An informal spec of the new API, along with some sample apps and use cases can be found at http://docs.google.com/Doc?docid=0AaYxrITemjbxZGNmZzc5cHpfM2Ryajc5Zmhx&hl=en.
Comment 1 Satish Sampath 2010-06-17 06:40:34 PDT
We got a lot of great feedback for the speech input API proposal and the API spec has been updated to take them into account (available at https://docs.google.com/View?id=dcfg79pz_5dhnp23f5). Whereas the earlier proposal was to add a new <input type="speech"> control, the new API spec adds an @speech attribute to most input elements for enabling speech input.
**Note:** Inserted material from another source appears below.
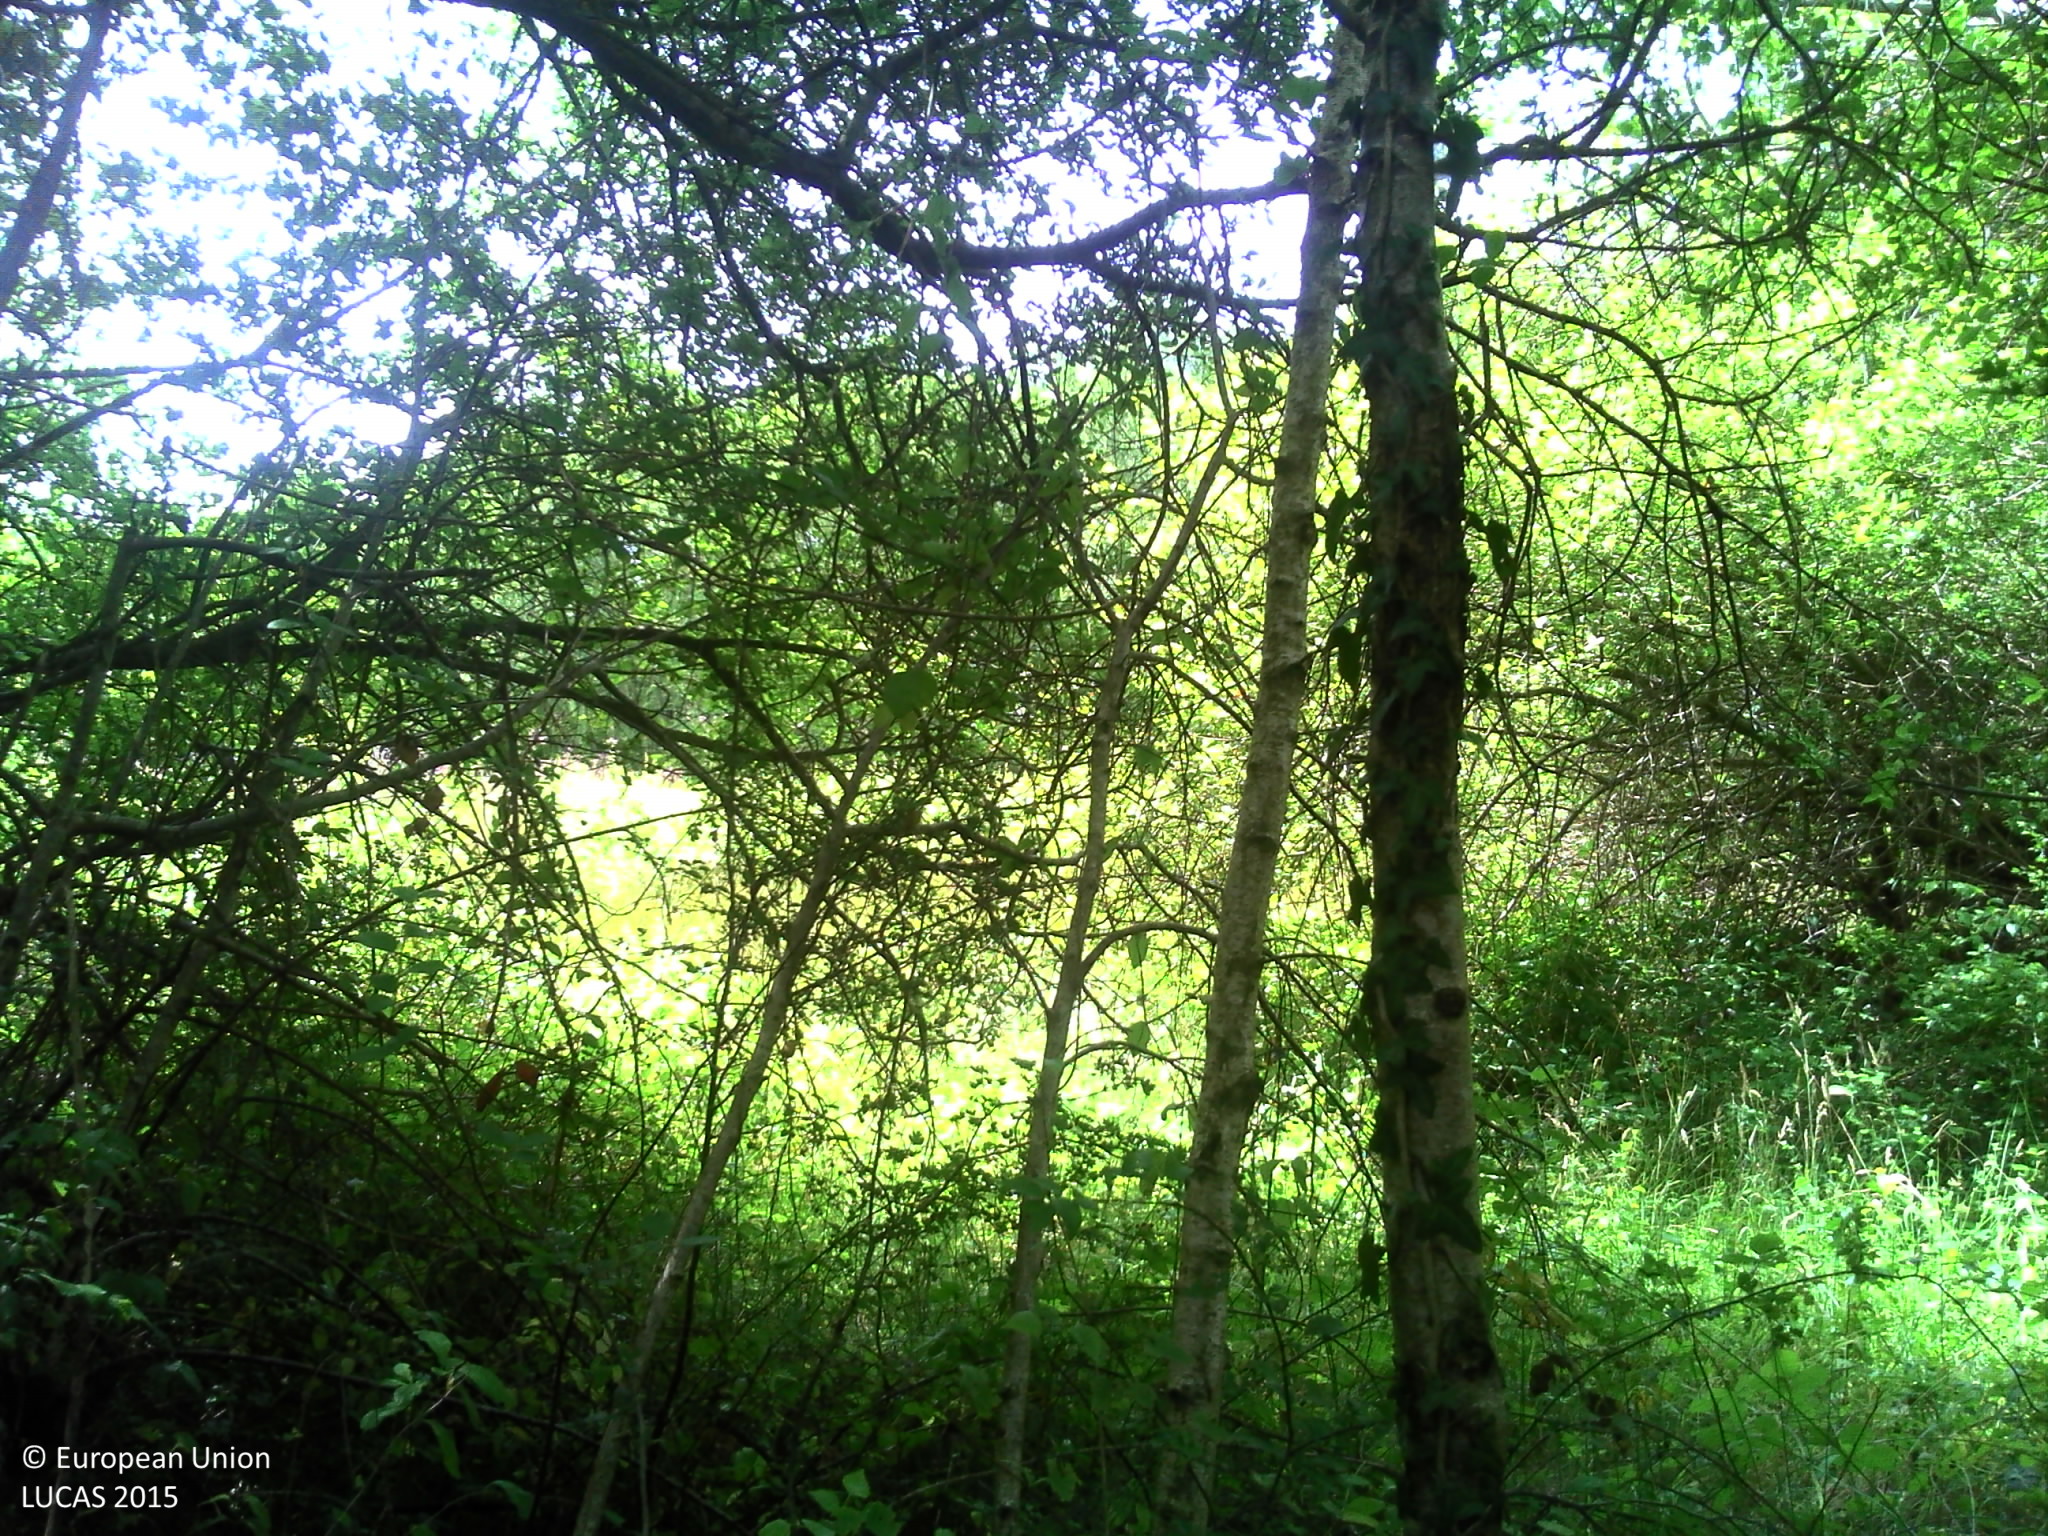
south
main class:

The input element will allow users to start/stop speech recognition (perhaps via a button-like control as part of the element) and the recognized text will be inserted as the element's value.

Backwards compatibility:
1. Web developers will use a new '@speech' attribute to explicitly enable individual
   form input fields for speech input. UAs which don't recognize this new attribute
   will render the input element in it's normal form.
2. Once the initial implementation is ready we intend to enable this API in Chrome
   behind a run-time flag, which will let web developers turn on the feature in their
   own machines and experiment with it to give useful feedback.
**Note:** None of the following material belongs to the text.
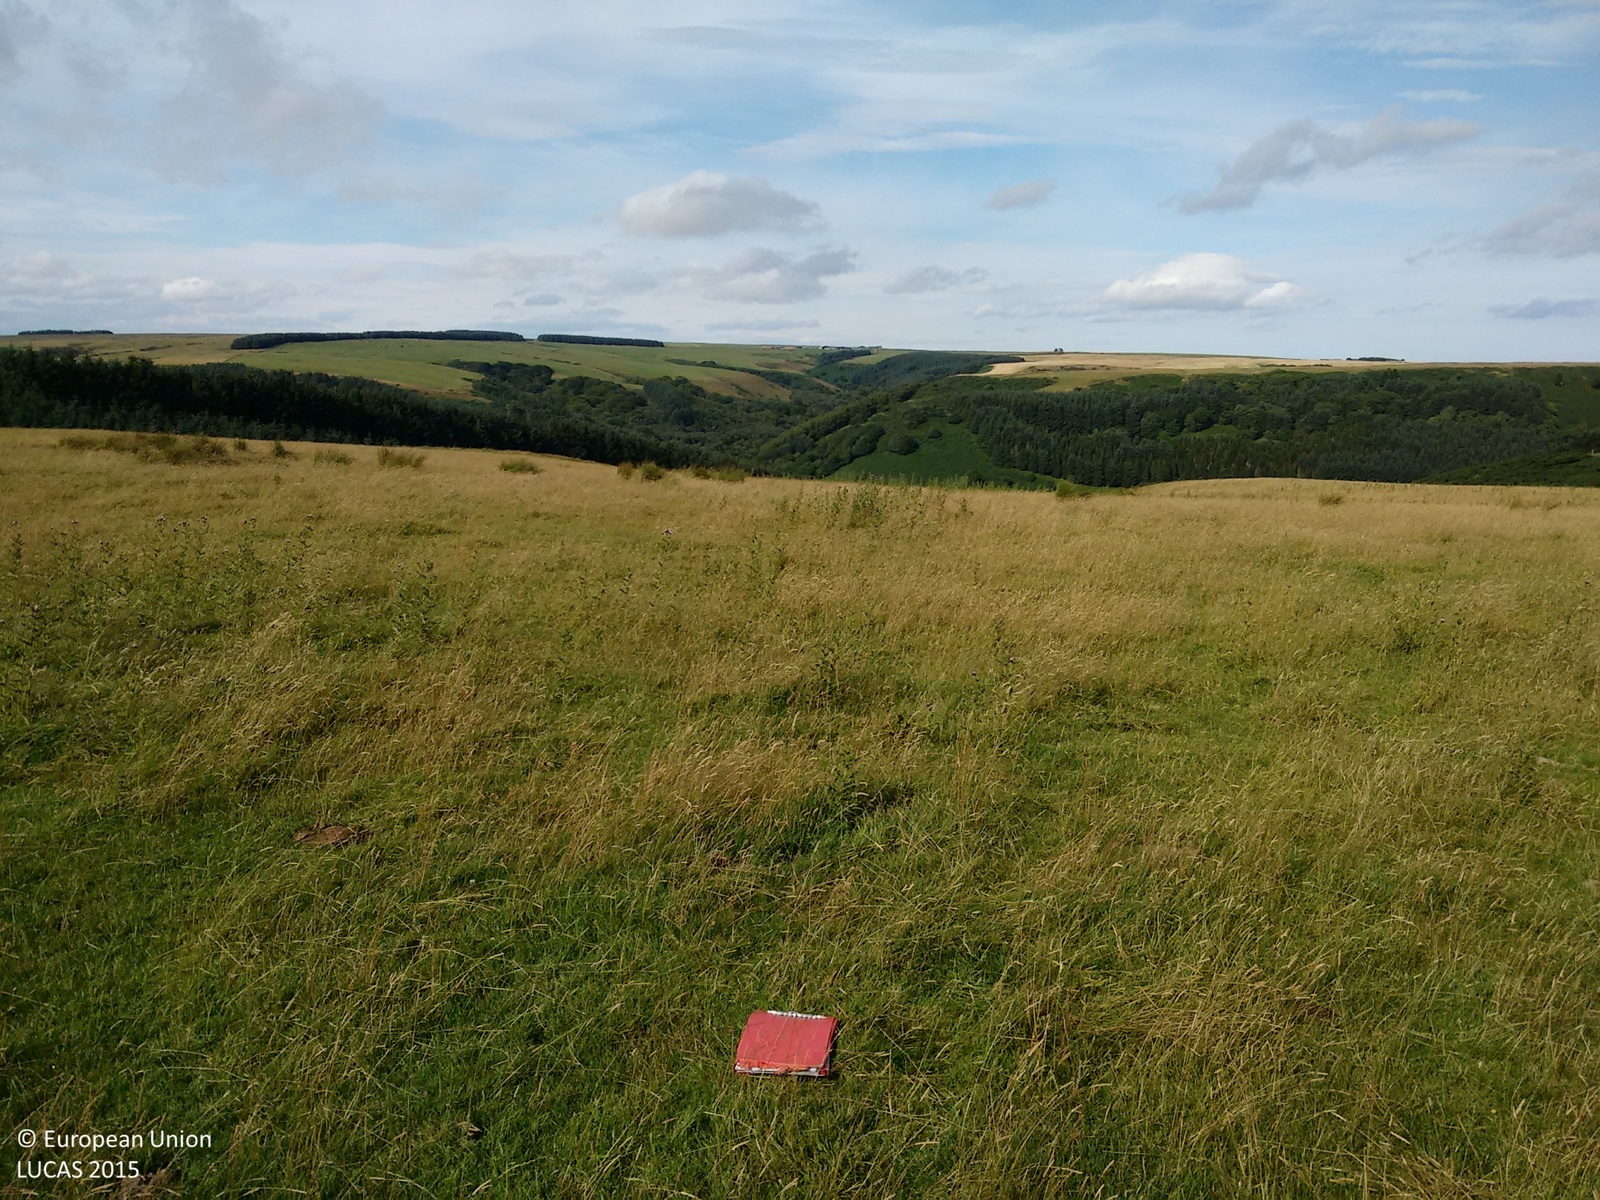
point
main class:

Relevant discussions can be found in the WHATWG lists
  - http://lists.whatwg.org/htdig.cgi/whatwg-whatwg.org/2010-May/026338.html
  - http://lists.whatwg.org/pipermail/whatwg-whatwg.org/2010-June/026747.html

We intend to add this API to webkit as a series of small steps:

1. Add bare bones '@speech' attribute support to the existing html text input element in webkit
    and associated rendering code. Input elements with '@speech' set will show a clickable button
    within the text field area similar to the clear buttons that appear in <input type='search'>
    elements.
    a. Add speech input button styles to the UA style sheet and CSS parsing code.
    b. Recognize '@speech' as a valid attribute
    c. RenderTextControlSingleLine will check if @speech is set and if so create the speech
       input button in the same fashion as the search field's cancel button.
    d. Platform and UA specific themed rendering (RenderThemeXxxxx files) for the above speech
       input button
2. Add a speech service to talk to the UA in a platform specific manner, modeled after
    an existing service such as Geolocation
    a. A new SpeechService and SpeechServiceClient under Webcore/platform
    b. A chromium specific extension of the above under Webcore/platform/chromium
    c. A chromium specific bridge class under WebKit/chromium to let multiple speech
        input elements in a single page talk to the same provider in the UA
3. Hook up the speech input element with the speech service and the UA
    a. Handle click event and fire onchange in speech control renderer
    b. Render the various states of the speech control via the theme layer
4. Implement UA specific code (outside webkit) for handling speech recognition.
Comment 2 Ian 'Hixie' Hickson 2010-09-09 23:26:41 PDT
Why require the speech="" attribute? It seems like this would be most helpful for users if it didn't require authors to do anything. That way it would already work on the billions of Web pages out there today.
Comment 3 Satish Sampath 2010-09-10 02:42:21 PDT
Our original idea was to allow speech input in all editable fields, but from all feedback received it looked like that use case is better served with a general purpose speech IME, either part of the browser or the OS. So we refined the proposal to only aim at web apps which have explicit speech input needs (for e.g. requiring all recognition hypotheses/results rather than just the best match as in the IME case, requiring notification when speech recognition results were available, control the grammer used and so on). While the current proposal is to add a 'speech' attribute to the input element, it could be easily adapted to either a new speech input tag (e.g. <asr>) or a non-text field tag (e.g. <button>).

A W3C Incubator Group for HTML Speech has been recently formed (www.w3.org/2005/Incubator/htmlspeech/) and we are discussing this proposal in there. We intend to update the implementation in webkit as we get closer to a formal proposal.